En 1974, Marina Abramović performe Rythme 0 à la Galleria Studio Morra à Naples. Sa performance consiste à être physiquement présente debout et immobile dans une salle du musée avec une table où l’on retrouve 72 objets. Certains sont bénins et inoffensifs tels que des plumes, du parfum, des fleurs, du vin, du pain, des raisins, etc. D’autres objets sont plutôt dangereux et considérés comme des objets de destructions comme des couteaux, des ciseaux, des lames de rasoir, une barre de métal et le plus alarmant : un pistolet chargé d’une cartouche. On retrouve aussi une affiche où il est écrite que durant 6 heures soit de 20h à 2h, le public peut faire ce qu’il désire avec Mme Abramović et ces 72 objets puisque dans le contexte de sa performance, elle se considère comme un de ses objets. Elle mentionne aussi qu’elle prend l’ensemble de la responsabilité sur tous les actes durant la durée de la performance. Pendant la première partie de l’œuvre, soit dans les trois premières œuvres, le public n’intervient pas beaucoup : ils jouent avec elle, lui donnent des fleurs, l’embrassent, la regardent. Ensuite dans la deuxième partie de la performance, les spectateurs vont de plus en plus loin, il la blesse, l’attache, lui découpe ses
vêtements, lui dispose des épines de roses sur le corps et lui met finalement le pistolet dans la main et le pointe vers sa tête. Une bataille éclate dans l’audience à ce moment entre ceux qui posaient cet acte et un groupe de gens « protecteurs » qui l’observaient. Finalement, à cet instant un garde du musée vient saisir l’arme et le jette par la fenêtre. À 2h du matin, lorsque la performance est terminée, un employé vient avertir Marina dans la salle et elle commence à reprendre possession de son corps. À ce moment, l’ensemble des spectateurs restant s’enfuient en courant.
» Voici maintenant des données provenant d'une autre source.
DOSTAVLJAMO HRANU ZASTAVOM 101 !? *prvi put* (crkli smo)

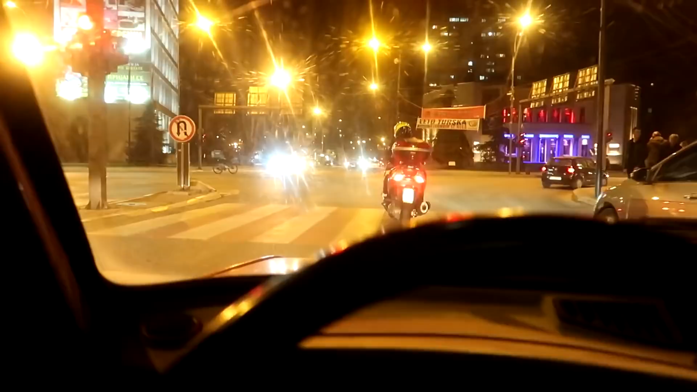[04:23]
Na crveno, brate, s biciklu, nekaj je Volt, ovo je ludnica, ljudi, s ove dostave, brate, koji ih izmisli, će se potepaju po grad za dostavu.
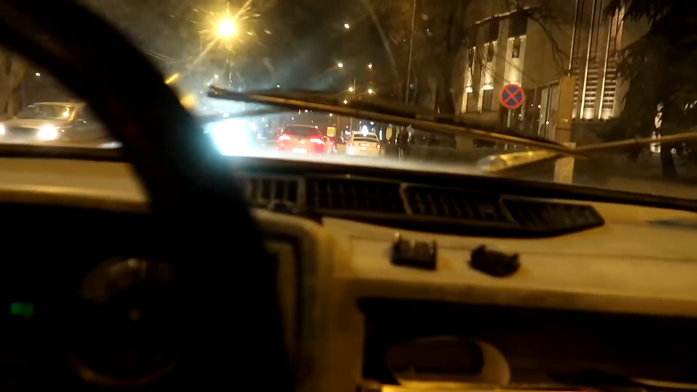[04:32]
Gledaj ga, brat, piči brže nego vi. Koliko idemo, be, 40? Brate, ja ga ne mogu stignem. Još ga stignemo s kola. Imaju neki motor, čini. Da me povoj električno biciklove, brate.
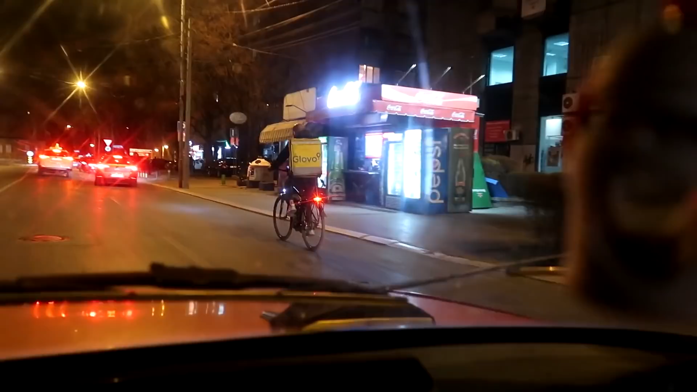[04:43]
Brat, desno, ne, desno, desno, bratski. Brate, ga piči, ovo je doktor, brate.
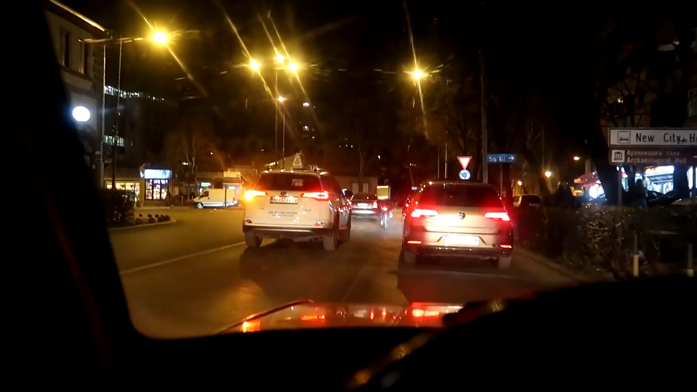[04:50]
Prešu igricu, dečku, brate. Evo, brate, parkirujemo se na prvo parking zona mesto. Zona nam je upaljena, čekamo da zazvoni.
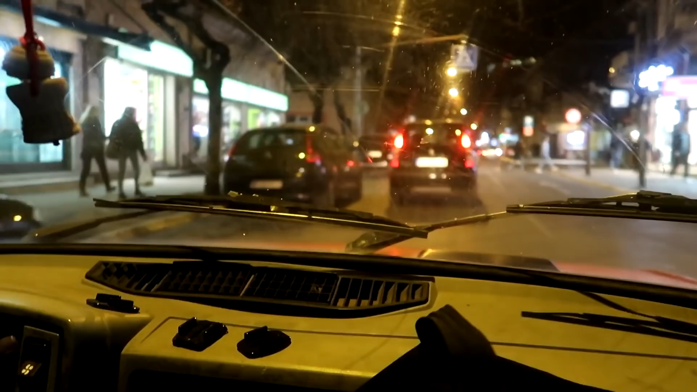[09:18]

À cette époque, la performance était une nouvelle forme d’art qui était énormément critiqué par le public. Celui-ci trouvait que ces artistes étaient ridicules, malades, exhibitionnistes et qu’ils manquaient juste d’attention. Face à ses critiques, Mme Abramović était embêtée et était curieuse de voir jusqu’où le public pouvait aller lorsque l’artiste offrait une performance où elle était simplement immobile. Elle souhaitait pousser l’énergie du corps humain à la limite et son esprit à un extrême que nous ne pouvons pas imaginer. Elle tenait à prendre le risque de mettre sa vie en danger en laissant un pistolet à la disposition de l’audience, elle voulait voir ce que le public allait faire dans cette situation. Les gens ont souvent peur de la souffrance, de la douleur, de la mortalité, elle met donc en scène ces peurs devant l’audience et utilise l’énergie du public pour pousser son corps le plus loin qu’elle peut. Elle offre donc un miroir aux spectateurs, elle montre que si elle peut le faire, le public peut aussi. Les intentions de cette artiste pour cette performance sont simples, elle veut pousser son corps et son esprit personnel à la limite et elle veut voir la réaction des spectateurs. Elle veut voir s’ils peuvent se prêter au jeu et oublier qu’elle est un être humain et non simplement un objet.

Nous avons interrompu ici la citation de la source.